The glass volumetric flasks used for sample volumetric and dilution procedures are both Class A. For sample volumetric and dilution processes, a 10 mL volumetric flask is used once, a 100 mL volumetric flask is used once and a 200 µL pipette is used once.
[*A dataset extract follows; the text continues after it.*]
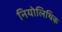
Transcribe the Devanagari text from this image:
नियोलिथिक
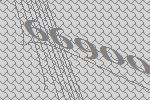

The acceptable difference in capacity of a 10 mL Class A volumetric flask is ±0.03 mL, converted to standard deviation based on uniform distribution:

\frac{0.03 mL}{\sqrt{3}} = 0.0173 mL

The relative uncertainty is:

\frac{u [V_{s t d}]}{V_{s t d}} = \frac{0.0173 mL}{10 mL} = 0.00173

The allowable difference in capacity for 100 mL Class A volumetric flasks is ±0.03 mL, converted to standard deviation based on uniform distribution:

\frac{0.03 mL}{\sqrt{3}} = 0.0173 mL

The relative uncertainty is:

\frac{u [V_{s t d}]}{V_{s t d}} = \frac{0.0173 mL}{100 mL} = 0.000173

The uncertainty of the 200 µL pipette, according to JJG646-2006 Measurement and Verification Regulation for Pipettes, The allowable error for the 200 µL pipette to transfer 200 µL volume solution is ±3.0 µL. The conversion from uniform distribution to standard deviation is:

\frac{3.0 uL}{\sqrt{3}} = 1.732 uL

The relative uncertainty is:

\frac{u [V^{'}]}{V} = \frac{1.732 uL}{200 uL} = 0.00866

The relative standard uncertainty introduced by the sample volume and dilution procedure is:

u_{rel} (V) = \sqrt{{0.00173}^{2} + {0.000173}^{2} + {0.00866}^{2}} = 0.0088

Uncertainty in the Preparation of Standard Solution Concentration, u_rel(Cs)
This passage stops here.